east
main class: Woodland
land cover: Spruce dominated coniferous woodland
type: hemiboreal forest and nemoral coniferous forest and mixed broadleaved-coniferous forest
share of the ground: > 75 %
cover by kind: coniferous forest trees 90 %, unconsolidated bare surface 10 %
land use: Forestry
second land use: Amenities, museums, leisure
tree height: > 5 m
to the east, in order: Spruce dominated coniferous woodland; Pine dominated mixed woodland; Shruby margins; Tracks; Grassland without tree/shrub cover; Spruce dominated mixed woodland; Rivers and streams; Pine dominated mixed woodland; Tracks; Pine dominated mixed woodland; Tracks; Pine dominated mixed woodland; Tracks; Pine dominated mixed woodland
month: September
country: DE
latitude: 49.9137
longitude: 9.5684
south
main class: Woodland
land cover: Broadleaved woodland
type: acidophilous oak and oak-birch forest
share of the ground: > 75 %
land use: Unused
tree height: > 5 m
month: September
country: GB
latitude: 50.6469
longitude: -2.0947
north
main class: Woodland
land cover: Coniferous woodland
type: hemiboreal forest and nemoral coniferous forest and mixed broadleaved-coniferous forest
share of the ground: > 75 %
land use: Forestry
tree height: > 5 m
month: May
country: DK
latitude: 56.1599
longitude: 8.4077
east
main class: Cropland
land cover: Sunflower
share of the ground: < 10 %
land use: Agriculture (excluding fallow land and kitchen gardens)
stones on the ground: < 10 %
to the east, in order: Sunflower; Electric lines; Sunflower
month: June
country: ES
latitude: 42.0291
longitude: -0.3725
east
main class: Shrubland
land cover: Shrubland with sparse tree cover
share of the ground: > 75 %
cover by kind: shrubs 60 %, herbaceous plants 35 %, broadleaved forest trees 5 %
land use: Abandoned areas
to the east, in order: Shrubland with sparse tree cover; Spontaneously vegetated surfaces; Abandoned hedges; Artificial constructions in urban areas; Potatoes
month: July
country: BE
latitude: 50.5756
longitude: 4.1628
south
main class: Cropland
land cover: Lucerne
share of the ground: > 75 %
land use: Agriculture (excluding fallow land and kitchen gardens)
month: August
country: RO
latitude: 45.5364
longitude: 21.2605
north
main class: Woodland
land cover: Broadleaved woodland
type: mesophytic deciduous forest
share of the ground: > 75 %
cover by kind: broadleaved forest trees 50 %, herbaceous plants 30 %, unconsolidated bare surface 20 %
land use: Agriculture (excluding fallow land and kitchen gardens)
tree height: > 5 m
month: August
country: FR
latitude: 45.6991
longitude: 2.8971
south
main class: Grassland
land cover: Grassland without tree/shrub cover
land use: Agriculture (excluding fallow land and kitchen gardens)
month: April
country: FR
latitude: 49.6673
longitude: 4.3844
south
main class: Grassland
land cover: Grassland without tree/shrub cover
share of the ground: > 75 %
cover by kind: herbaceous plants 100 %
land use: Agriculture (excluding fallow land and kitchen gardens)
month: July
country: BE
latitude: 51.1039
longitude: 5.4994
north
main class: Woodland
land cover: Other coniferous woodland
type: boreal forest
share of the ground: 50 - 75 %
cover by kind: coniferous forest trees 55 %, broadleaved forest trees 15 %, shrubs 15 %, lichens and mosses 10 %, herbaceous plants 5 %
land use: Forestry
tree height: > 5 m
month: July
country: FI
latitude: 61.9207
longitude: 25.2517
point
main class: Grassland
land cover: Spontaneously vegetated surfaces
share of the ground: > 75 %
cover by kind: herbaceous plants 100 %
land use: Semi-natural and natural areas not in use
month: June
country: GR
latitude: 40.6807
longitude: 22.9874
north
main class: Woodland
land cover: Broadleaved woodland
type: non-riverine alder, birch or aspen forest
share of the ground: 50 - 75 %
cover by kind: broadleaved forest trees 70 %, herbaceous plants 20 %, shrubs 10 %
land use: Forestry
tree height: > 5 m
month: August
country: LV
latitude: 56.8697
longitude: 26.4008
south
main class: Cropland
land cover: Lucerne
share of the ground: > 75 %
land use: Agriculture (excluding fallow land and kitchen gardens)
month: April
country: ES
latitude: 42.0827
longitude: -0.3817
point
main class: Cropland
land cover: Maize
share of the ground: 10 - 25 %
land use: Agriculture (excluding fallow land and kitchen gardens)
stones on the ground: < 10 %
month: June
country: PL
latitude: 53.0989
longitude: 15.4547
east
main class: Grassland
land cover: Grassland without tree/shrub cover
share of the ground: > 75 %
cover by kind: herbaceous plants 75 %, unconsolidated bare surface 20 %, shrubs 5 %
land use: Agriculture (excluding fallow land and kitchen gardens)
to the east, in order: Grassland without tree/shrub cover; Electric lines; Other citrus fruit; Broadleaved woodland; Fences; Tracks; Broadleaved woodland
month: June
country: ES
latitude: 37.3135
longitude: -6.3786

THE TASK.
Filter the listing above for the string "bare" and copy every matching line.

RESPONSE FOR THIS EXERCISE.
cover by kind: coniferous forest trees 90 %, unconsolidated bare surface 10 %
cover by kind: broadleaved forest trees 50 %, herbaceous plants 30 %, unconsolidated bare surface 20 %
cover by kind: herbaceous plants 75 %, unconsolidated bare surface 20 %, shrubs 5 %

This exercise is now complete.